You know why girls choose douche bags and players? Yes, exactly. They’re more confident! I’m really not that confident myself, which has pretty much made me a failure. Their sex appeal comes from that security they have in themselves; they channel their own self confidence to their dates and in turn, the girls feel just as confident with them.

This is where most nice guys fail. They fail to impress their dates the first time because they are too fidgety, they cannot look in her eyes, and they are almost always distracted. The first date blues always get them and their true personality – the nice, warm, loving, admirable traits – are overshadowed by their lack of self confidence. Instead they come out as not serious enough, boring, and maybe even rude at some point.

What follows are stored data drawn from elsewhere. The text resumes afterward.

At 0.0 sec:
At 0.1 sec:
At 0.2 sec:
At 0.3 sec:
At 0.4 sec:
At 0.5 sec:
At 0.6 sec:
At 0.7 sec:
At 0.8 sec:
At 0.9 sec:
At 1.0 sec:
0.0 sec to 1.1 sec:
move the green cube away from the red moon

Confidence is the sexiest thing in anyone – men and women alike. Of course it takes a lot of brains, too, to recognize the difference between confident and cocky.

If you’re the type that runs out of things to say or gets the nerves when on a date or you just need the extra kick in the gut for your next date, here are some ways to fake your confidence:

Wear something nice but comfortable. When looking for clothes to wear on a date, always go for something that makes you feel handsome. Wearing something too fancy may not feel natural, further eroding your confidence.

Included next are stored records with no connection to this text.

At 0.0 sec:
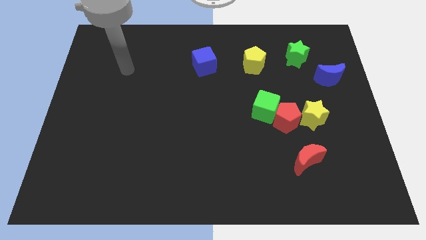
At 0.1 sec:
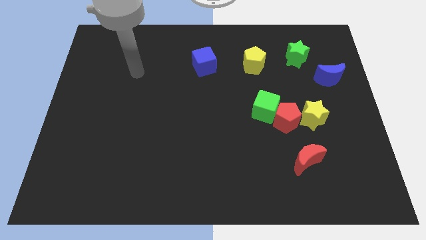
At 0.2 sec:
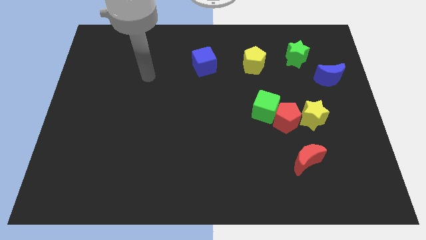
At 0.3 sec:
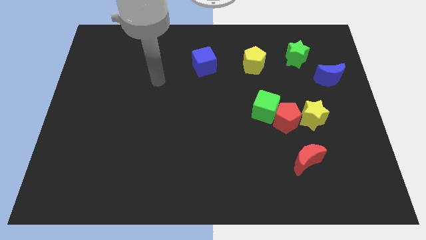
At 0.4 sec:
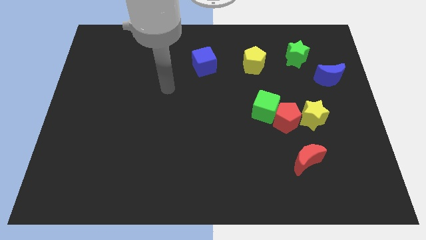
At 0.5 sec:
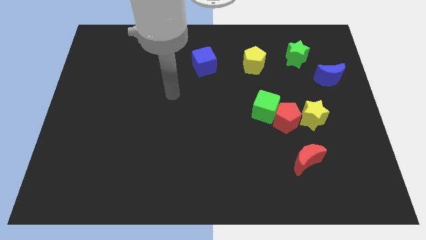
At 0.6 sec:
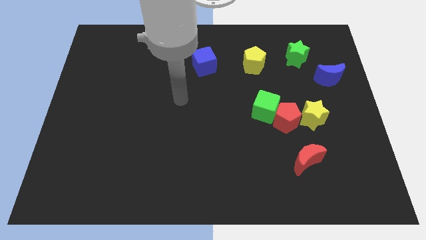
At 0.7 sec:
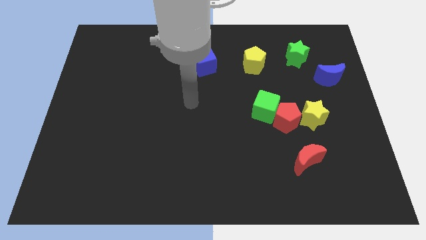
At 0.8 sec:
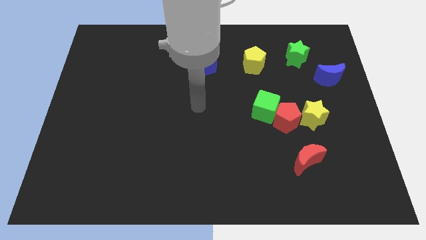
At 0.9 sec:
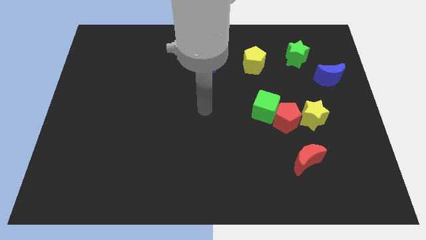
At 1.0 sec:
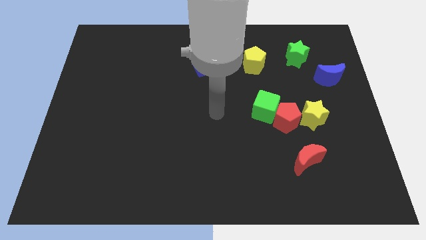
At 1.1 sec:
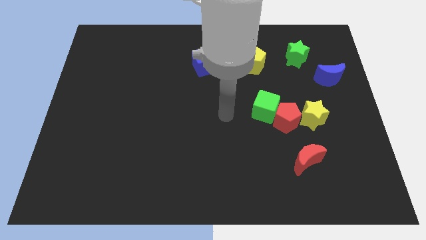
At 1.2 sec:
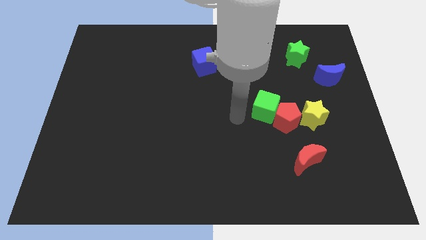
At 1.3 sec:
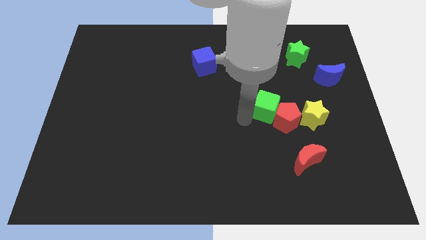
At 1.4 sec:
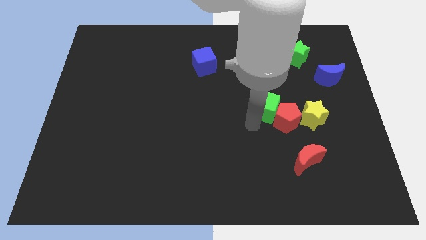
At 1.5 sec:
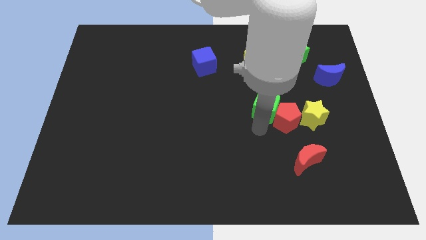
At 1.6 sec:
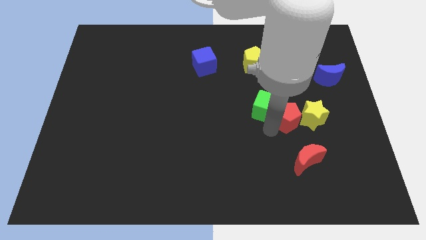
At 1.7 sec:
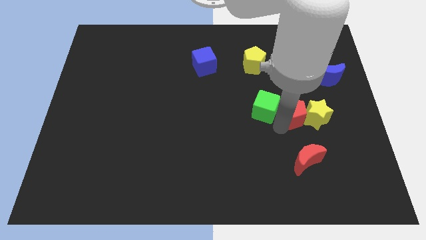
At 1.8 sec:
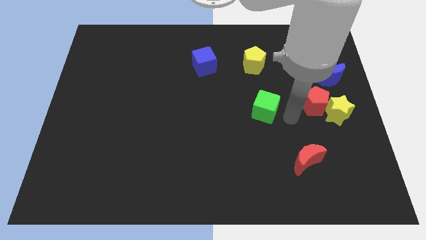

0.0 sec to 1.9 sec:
separate the green cube from the red pentagon

Posture, posture!  Slouching makes your date feel unimportant. It makes her feel like you’re disinterested in talking with her, or you’re not taking her seriously. Sit up straight, cross your legs if you need to but keep a straight back. You’ll get used to it. If you need more help in correcting a slouch, read this Health Guidance article.

Hold your drink with one hand, preferably your left.  It keeps your hand busy, gives you something to ‘play with’ so you keep yourself from tapping on the table or clasping something very tightly, both of which are dead giveaways for nervousness.

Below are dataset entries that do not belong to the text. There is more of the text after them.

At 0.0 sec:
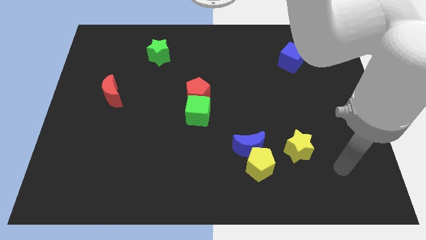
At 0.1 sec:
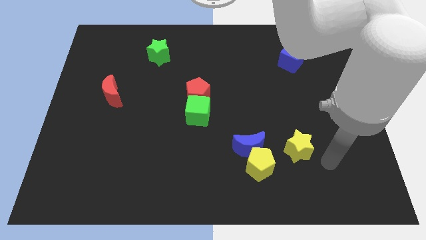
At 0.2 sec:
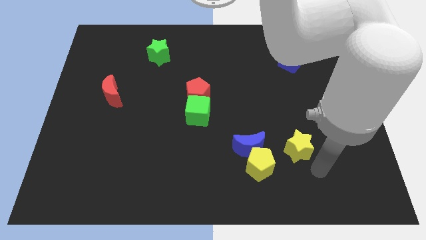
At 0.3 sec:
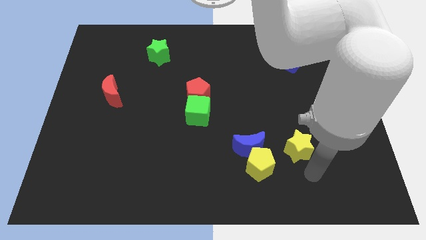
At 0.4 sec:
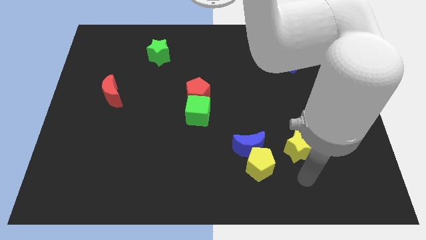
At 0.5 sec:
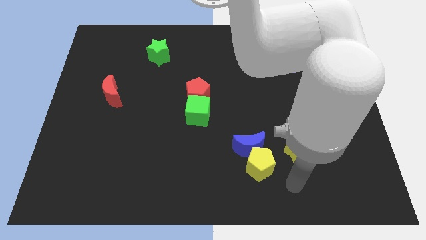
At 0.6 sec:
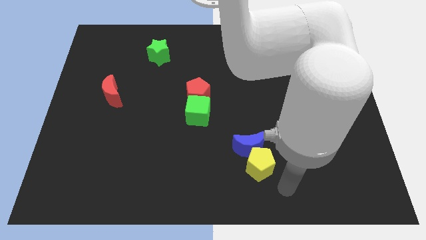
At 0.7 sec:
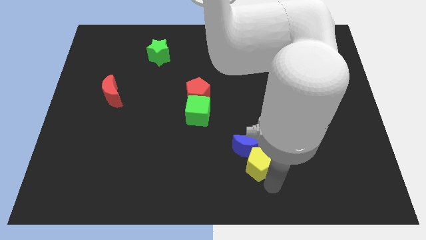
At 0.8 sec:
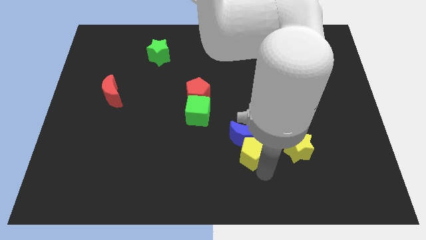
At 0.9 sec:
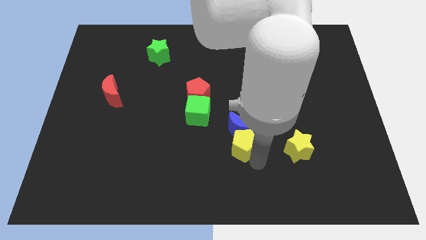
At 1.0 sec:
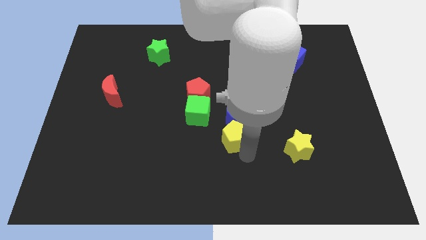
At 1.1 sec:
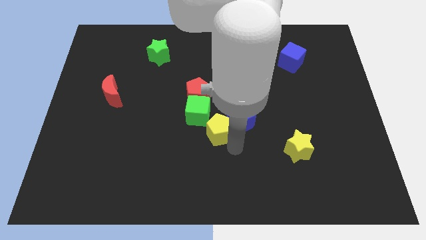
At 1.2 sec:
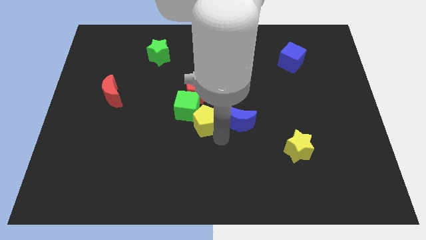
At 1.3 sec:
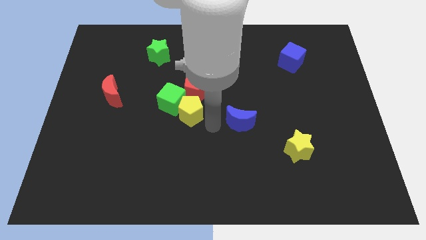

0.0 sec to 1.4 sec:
pull the blue moon apart from the yellow pentagon

Preparation is important.  Give yourself a mental pep talk before your date comes in. Everything you’re scared of is just in your brain. This date is not a matter of life or death and if this fails, then head on over to the next. Your date is probably as scared as you. And there’s nothing wrong with you. Tell yourself random stuff that will keep you happy and calm.

Come early. Being late will make you extra nervous, not to mention earn you a turnoff point, especially if you’re meeting the girl at your date location.  If you come early you will have time to relax and take in the atmosphere of the place before your date arrives.

A friend asked me once how important is it to show confidence during a date.  And my answer was that the two most important things to show on a date are your confidence and your sincerity (which allows your date to feel very important).  You need to at least have sense enough not to let your date notice your lack of confidence.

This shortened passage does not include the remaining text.